It’s a Start
A couple of weeks ago I turned 40… I am scared of the fact I am one year closer to death. I don’t want to die. I am not scared of going to hell or anything religious, I am an Atheist. I am scared of. The nothing. I know I will be dead and I will not notice or feel anything. But that’s the whole point. The Nothing. Not existing. Not doing anything for the rest of eternity. This seriously freaks me out. So scientists, hurry the fuck up and make us immortal already!
The next best thing to do is to try and immortalise myself in another medium. I have chosen blogging. I was thinking maybe moto vlogging, but I am too shy and lazy to spend my life doing that and besides I don’t ride enough to justify a vlog. I also don’t like the sound of my own voice.
So here I am, behind a keyboard. Writing my thoughts down. Fair enough my words won’t affect the world in a big way or in any way. But if it could help anybody, in a real way.
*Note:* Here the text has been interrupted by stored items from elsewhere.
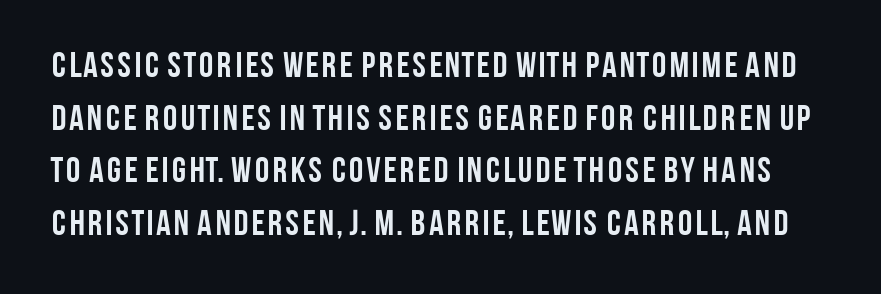
{"serif": "no", "italic": "no", "bold": "yes", "weight": "semibold", "width": "condensed", "stroke_contrast": "low", "x_height": "large", "monospaced": "no", "underline": "no", "line_spacing": "normal", "line_spacing_ratio": 1.46, "letter_spacing": "normal", "letter_spacing_em": 0.0, "glyph_px": 36}
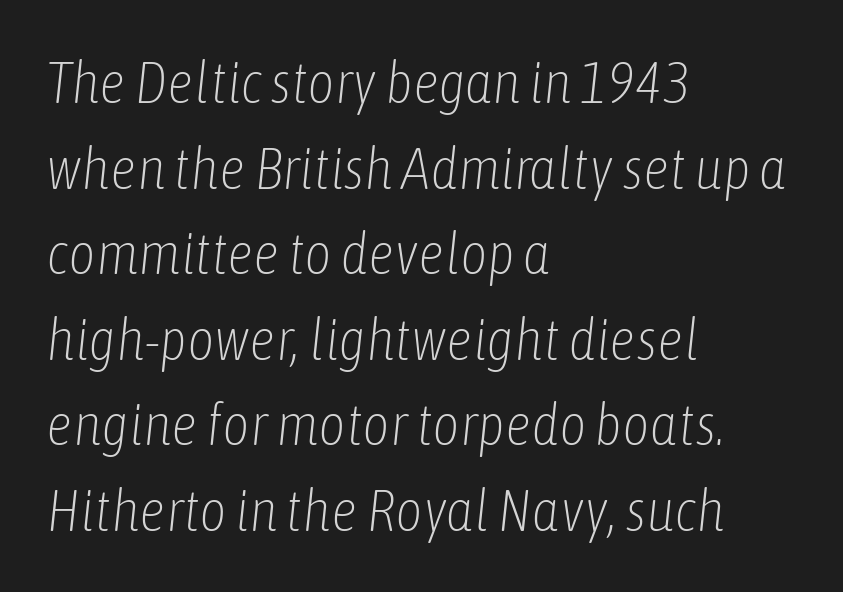
The image shows 59 px light, condensed type, italic (leaning right); set left-aligned, normal line spacing (1.45x), normal letter spacing, not underlined; low stroke contrast and a medium x-height.
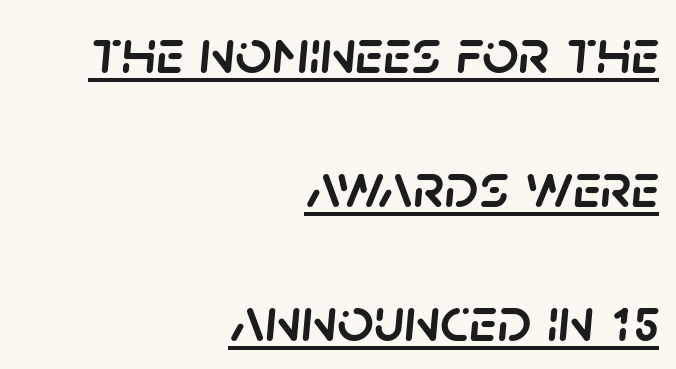
Q: Is the text italic (slanted)? A: Yes, it leans right by about 5 degrees.
Q: Is the text underlined? A: Yes.
Q: How is the paragraph aligned? A: Right-aligned.
Q: Is the spacing between letters normal or unusually wide? A: Normal.
Q: Is the spacing between lines tight, normal or loose? A: Loose.
Q: Width (condensed, normal, or wide)? A: Normal.
Q: Stroke contrast? A: Low.
Q: x-height? A: Large.
Q: Monospaced? A: No.
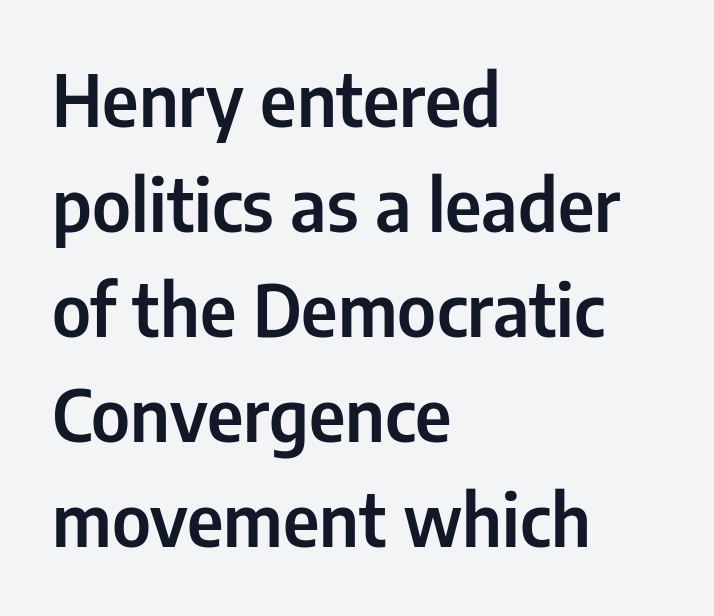
{"serif": "no", "italic": "no", "width": "condensed", "stroke_contrast": "low", "x_height": "medium", "monospaced": "no", "underline": "no", "align": "left", "line_spacing": "normal", "line_spacing_ratio": 1.46, "letter_spacing": "normal", "letter_spacing_em": 0.0, "glyph_px": 72}
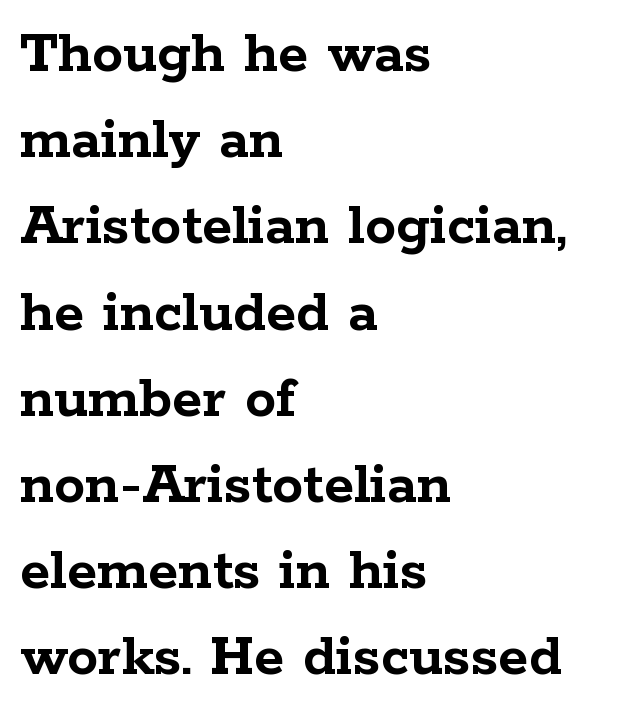
Proportional: the letters do not fall into vertical columns. The text block is weighted toward the left margin, trailing off unevenly rightward. Posture: vertical. In terms of letterform style, serifs are clearly present.
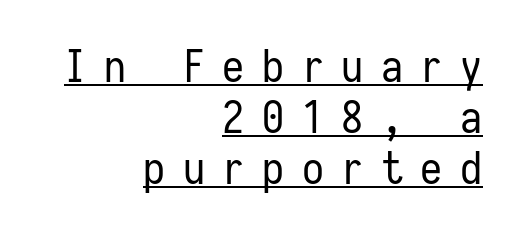
The image shows 44 px regular-weight, condensed sans-serif type, upright, monospaced; set right-aligned, line spacing 1.16x, unusually wide letter spacing (+0.4 em), underlined; low stroke contrast and a medium x-height.
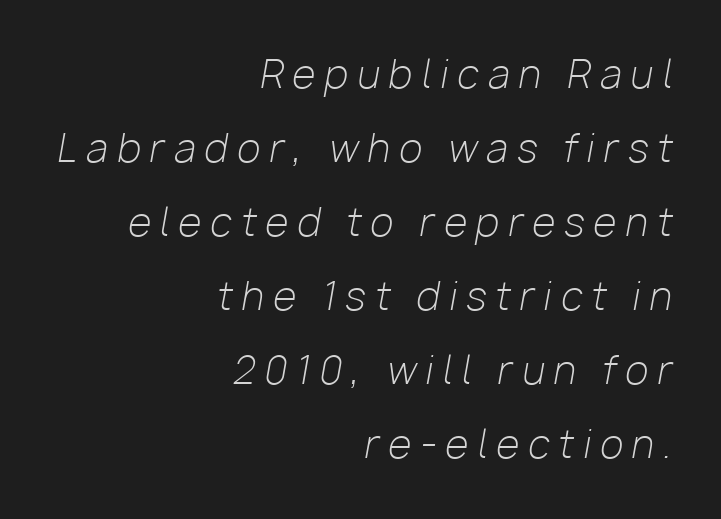
The image shows 38 px light type, italic (leaning right); set right-aligned, loose line spacing (1.95x), unusually wide letter spacing (+0.24 em), not underlined; low stroke contrast and a medium x-height.
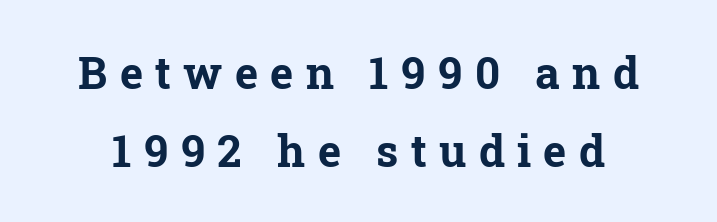
{"serif": "yes", "italic": "no", "bold": "yes", "weight": "bold", "width": "normal", "stroke_contrast": "low", "x_height": "medium", "monospaced": "no", "underline": "no", "line_spacing_ratio": 1.78, "letter_spacing": "wide", "letter_spacing_em": 0.28, "glyph_px": 44}
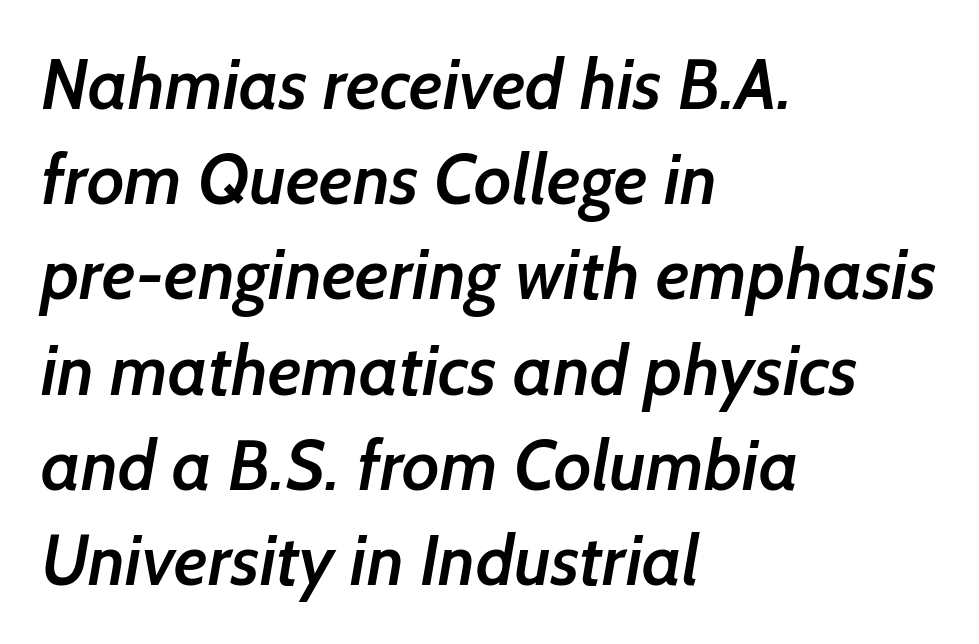
Q: Is the text bold? A: Semi-bold.
Q: Is the typeface a serif or a sans-serif typeface? A: Sans-serif.
Q: Is the text underlined? A: No.
Q: How is the paragraph aligned? A: Left-aligned.
Q: Is the spacing between letters normal or unusually wide? A: Normal.
Q: Is the spacing between lines tight, normal or loose? A: Normal.
Q: Width (condensed, normal, or wide)? A: Normal.
Q: Stroke contrast? A: Low.
Q: x-height? A: Medium.
Q: Monospaced? A: No.
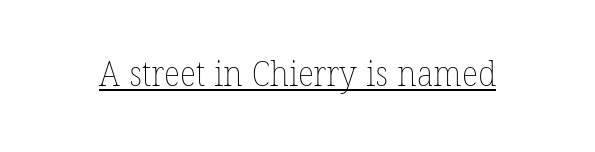
Short note: letters normally spaced. Character widths vary here, with narrow letters taking less room than wide ones. Underline: present. Each stroke keeps to a modest, everyday thickness or less.
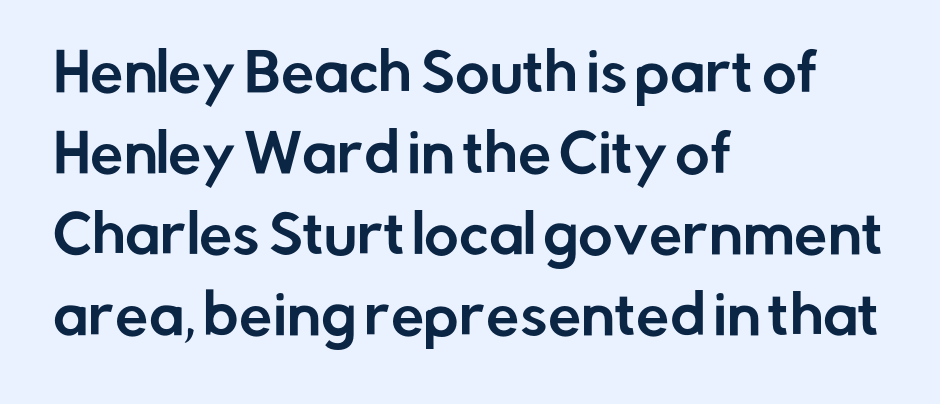
The image shows 53 px sans-serif type, upright; set left-aligned, normal line spacing (1.53x), normal letter spacing, not underlined; low stroke contrast and a medium x-height.
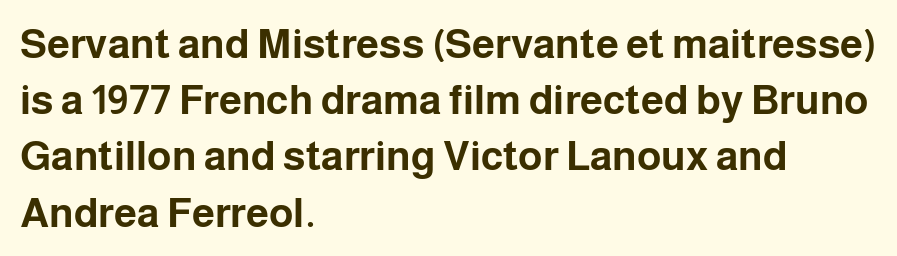
{"serif": "no", "italic": "no", "bold": "yes", "weight": "bold", "width": "normal", "stroke_contrast": "low", "x_height": "medium", "monospaced": "no", "underline": "no", "align": "left", "line_spacing": "normal", "line_spacing_ratio": 1.37, "letter_spacing": "normal", "letter_spacing_em": 0.0, "glyph_px": 41}
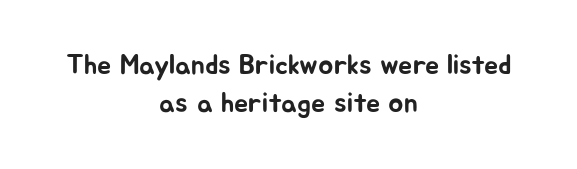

I will be happy with that.
So what do I want to do with this blog?
I want to share my experiences as much as possible: Likes. Fears. Reviews. Maybe write short stories. Whatever is in my head that I need to release. You may not like what I write sometimes and that’s okay. As long as you realise I am not out to get anybody or hurt them. These writings will be just me, my opinions. Of myself and maybe sometimes what I think about the world that myself and you live in.
Okay, so writer’s block is already settling in. So I’ll leave it there. Until the next.